American documentary filmmaker

Daniel Junge (born October 7, 1969) is an American documentary filmmaker. On February 26, 2012, he won the Academy Award for Best Documentary (Short Subject) for the film Saving Face, which he co-directed along with Pakistani filmmaker Sharmeen Obaid-Chinoy. He lives in Los Angeles, CA.

==Life and career==
Raised in Cheyenne, Wyoming, Junge is an alumnus of Cheyenne East High School and Colorado College and attended New York University's Tisch School of the Arts. Junge made his feature debut with Chiefs, a documentary about the Wyoming Indian High School basketball team. The film won the Grand Jury Award at the 2002 Tribeca Film Festival and broadcast on PBS's Independent lens. Junge was selected by Filmmaker Magazine as one of their "25 New Faces of Independent Film" in 2002.

Subsequent feature documentaries by Junge include Iron Ladies of Liberia] which premiered at the Toronto International Film Festival and aired on over 50 broadcasters as part of the "Why Democracy" series and They Killed Sister Dorothy which won both the Grand Jury Prize and the Audience Award at the SXSW Film Festival and broadcast on HBO. They Killed Sister Dorothy was also nominated for an Emmy for Best Long-Form Investigative Journalism.

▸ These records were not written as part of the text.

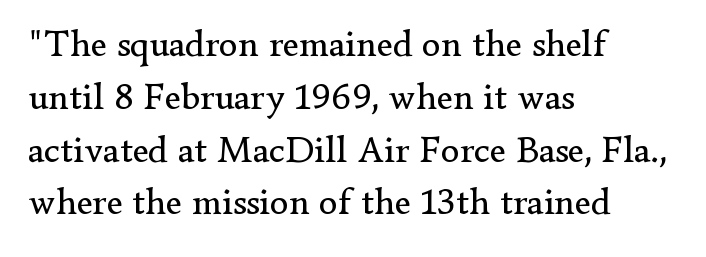
Does extra space separate the letters? No, they use regular spacing. This is not heavy type; no bold has been used. Every row of glyphs begins at an identical x-position on the left. Rule under the text: the space is simply empty. Characters remain perfectly vertical along every line. Is this a fixed-width face? No — the glyphs have proportional, varying widths.
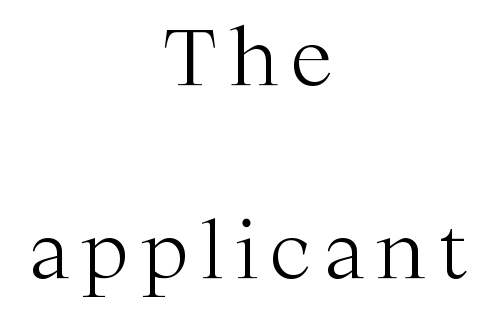
Q: Is the text bold? A: No.
Q: Is the text italic (slanted)? A: No, it is upright.
Q: Is the typeface a serif or a sans-serif typeface? A: Serif.
Q: Is the text underlined? A: No.
Q: How is the paragraph aligned? A: Centered.
Q: Is the spacing between lines tight, normal or loose? A: Loose.
Q: Width (condensed, normal, or wide)? A: Normal.
Q: Stroke contrast? A: Medium.
Q: x-height? A: Medium.
Q: Monospaced? A: No.

In 2010, Junge received his first Academy Award nomination for Best Documentary, Short Subject for his film The Last Campaign of Governor Booth Gardner, about Washington’s former governor and his work on die with dignity legislation. It aired on HBO. His film Saving Face was also made for HBO and first aired on March 8, 2012. The film won the Academy Award for Best Documentary (Short Subject) and won the Emmy Award for Best Documentary Film of 2012.

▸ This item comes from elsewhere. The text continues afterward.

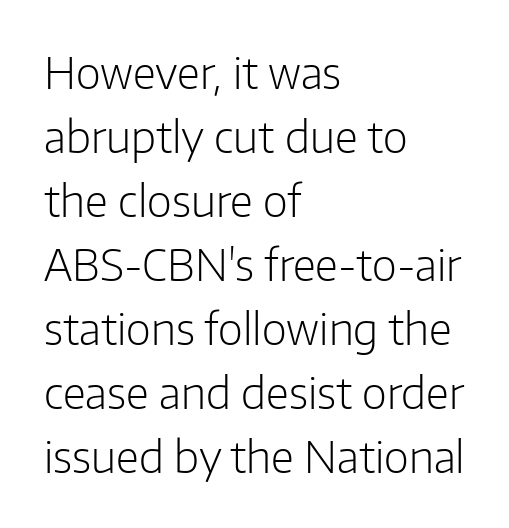
The image shows 43 px light sans-serif type, upright; set left-aligned, normal line spacing (1.49x), normal letter spacing, not underlined; low stroke contrast and a medium x-height.
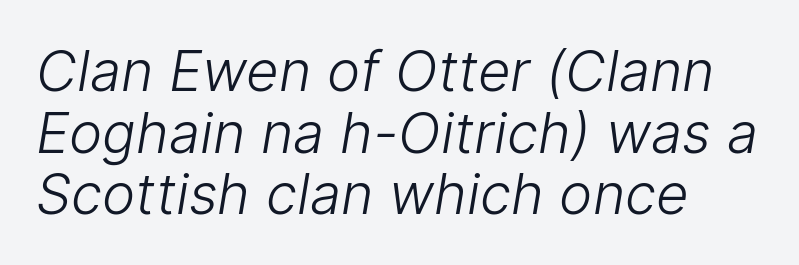
The image shows 56 px light sans-serif type; set left-aligned, tight line spacing (1.1x), normal letter spacing, not underlined; low stroke contrast and a medium x-height.

In 2012, Junge became a member of The Academy of Motion Picture Arts and Sciences.

In 2014, Junge and Oscar-Nominated Director Kief Davidson co-directed A Lego Brickumentary with Jason Bateman as the narrator. The film premiered at the Tribeca Film Festival and distributed theatrically by Radius before airing globally on Netflix.

In 2015, Junge directed Being Evel, a documentary on the real story behind the myth of American icon Robert "Evel" Knievel and his legacy. The film features Johnny Knoxville, who also produced the film. The film premiered at the Sundance Film Festival, broadcast on The History Channel, and was nominated for an Emmy for Best Sports Documentary in 2016.

Junge also produced Liyana, a 2017 documentary following orphaned Swazi children as they create a narrative which is then brought to life using animation—and Hondros, on war photographer Chris Hondros.

In 2020, Junge served as Executive Producer and episode director on AMC's "Secret History of Comics." He also served as co-director and producer on the Netflix series Challenger: The Final Flight.

In 2021, Junge co-directed Season 2, Episode 2 of "Dogs", a documentary series celebrating the deep emotional bonds between people and their beloved four-legged best friends. Junge's episode centered around a former astronaut that hits the road with his Rhodesian ridgebacks on an emotional trip to honor his friends, the deceased crew of space shuttle Columbia.

In 2025, he released a documentary with Sam Pollard about Carl Bean, American LGBTQ+ and HIV/AIDS activist and singer called I Was Born This Way (2025). The documentary is named after Carl Bean's performance of the song I Was Born This Way (1975).